(Data records)
# # # # # # #
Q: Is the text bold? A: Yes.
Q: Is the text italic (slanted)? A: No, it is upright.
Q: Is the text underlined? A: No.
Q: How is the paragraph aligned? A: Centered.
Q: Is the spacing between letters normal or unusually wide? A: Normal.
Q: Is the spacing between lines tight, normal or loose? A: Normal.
# # # # # # #
PROBLEM DETAILS:
Write the lines out again exactly, from the one containing "Q: Is the spacing between letters" through the last line of the records, and include no other lines.

EXERCISE RESULT:
Q: Is the spacing between letters normal or unusually wide? A: Normal.
Q: Is the spacing between lines tight, normal or loose? A: Normal.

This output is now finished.